**Records from a data source**

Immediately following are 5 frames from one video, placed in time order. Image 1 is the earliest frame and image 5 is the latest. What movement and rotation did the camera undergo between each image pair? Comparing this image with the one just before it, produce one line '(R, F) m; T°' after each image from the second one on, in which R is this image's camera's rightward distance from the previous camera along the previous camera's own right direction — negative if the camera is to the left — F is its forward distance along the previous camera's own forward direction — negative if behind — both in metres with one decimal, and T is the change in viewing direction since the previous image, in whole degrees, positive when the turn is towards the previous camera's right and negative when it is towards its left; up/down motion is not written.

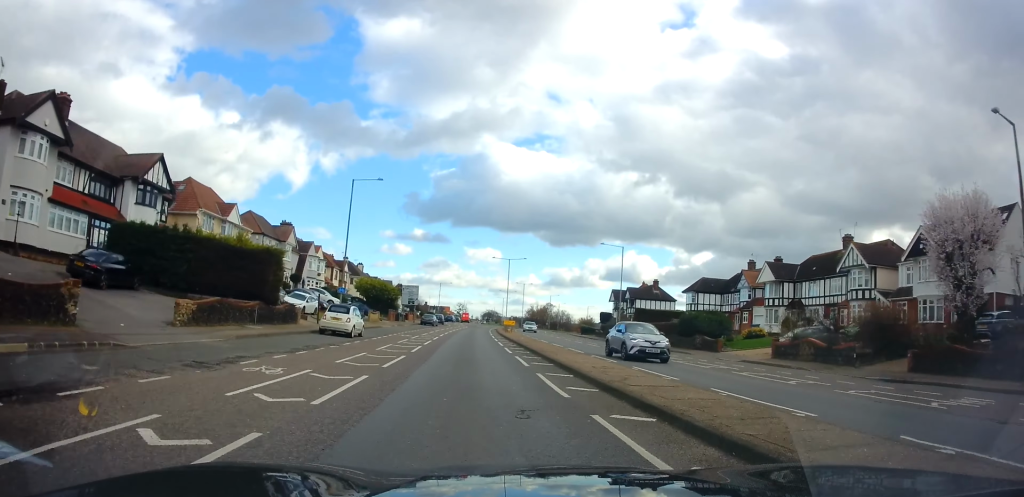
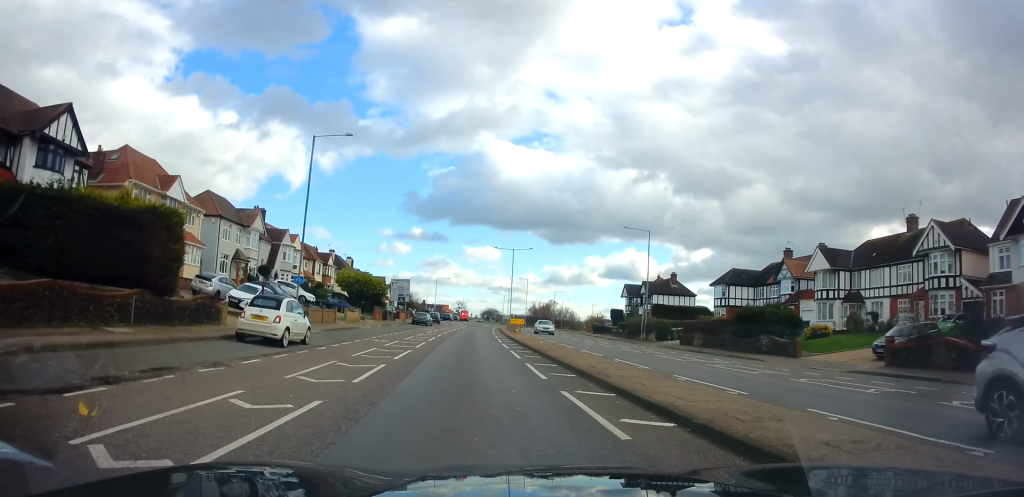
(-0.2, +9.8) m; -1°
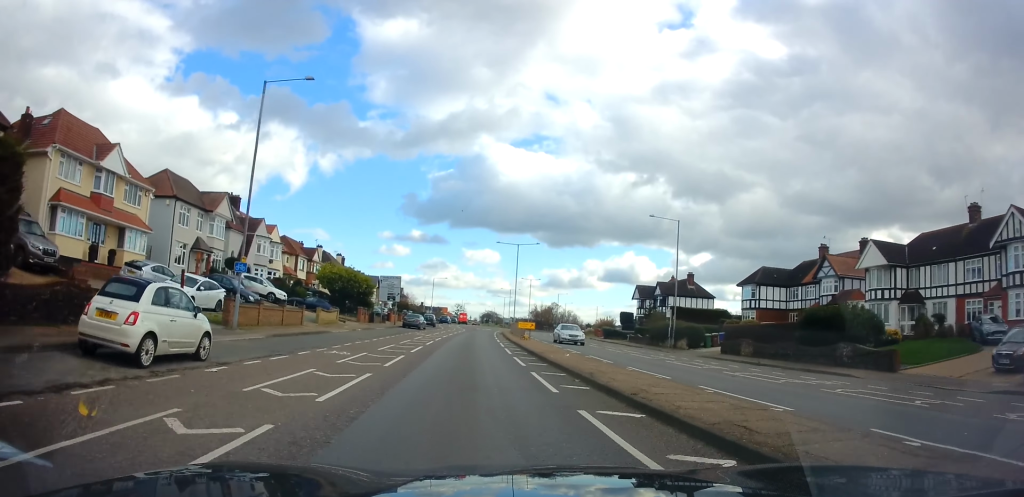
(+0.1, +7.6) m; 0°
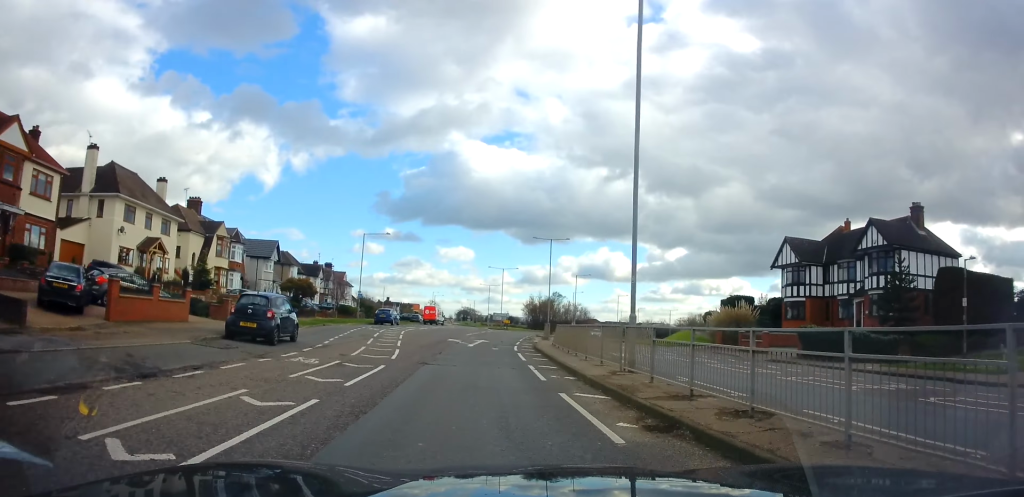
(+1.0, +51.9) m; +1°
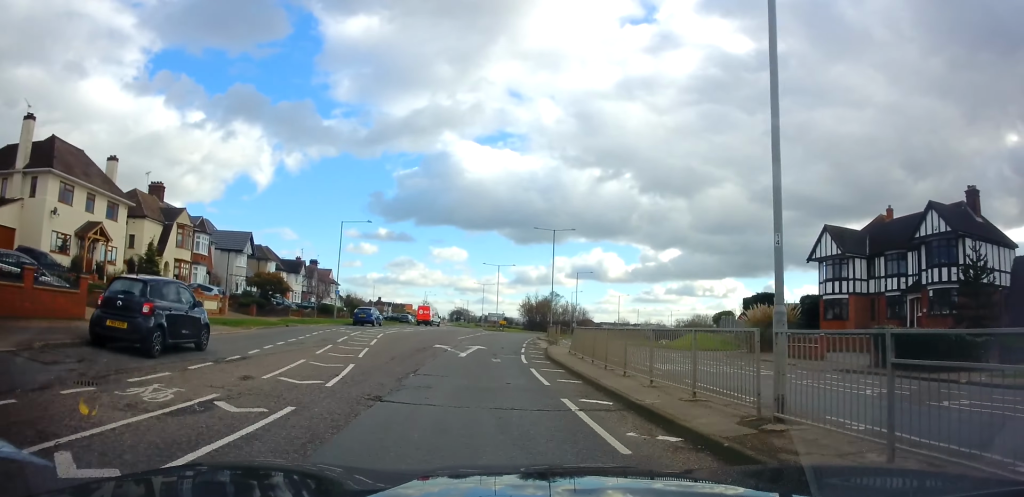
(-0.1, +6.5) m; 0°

**Aim of the task**
Produce the entries again, word for word, without any of their pictures.

**Finished exercise**
Immediately following are 5 frames from one video, placed in time order. Image 1 is the earliest frame and image 5 is the latest. What movement and rotation did the camera undergo between each image pair? Comparing this image with the one just before it, produce one line '(R, F) m; T°' after each image from the second one on, in which R is this image's camera's rightward distance from the previous camera along the previous camera's own right direction — negative if the camera is to the left — F is its forward distance along the previous camera's own forward direction — negative if behind — both in metres with one decimal, and T is the change in viewing direction since the previous image, in whole degrees, positive when the turn is towards the previous camera's right and negative when it is towards its left; up/down motion is not written.

(-0.2, +9.8) m; -1°
(+0.1, +7.6) m; 0°
(+1.0, +51.9) m; +1°
(-0.1, +6.5) m; 0°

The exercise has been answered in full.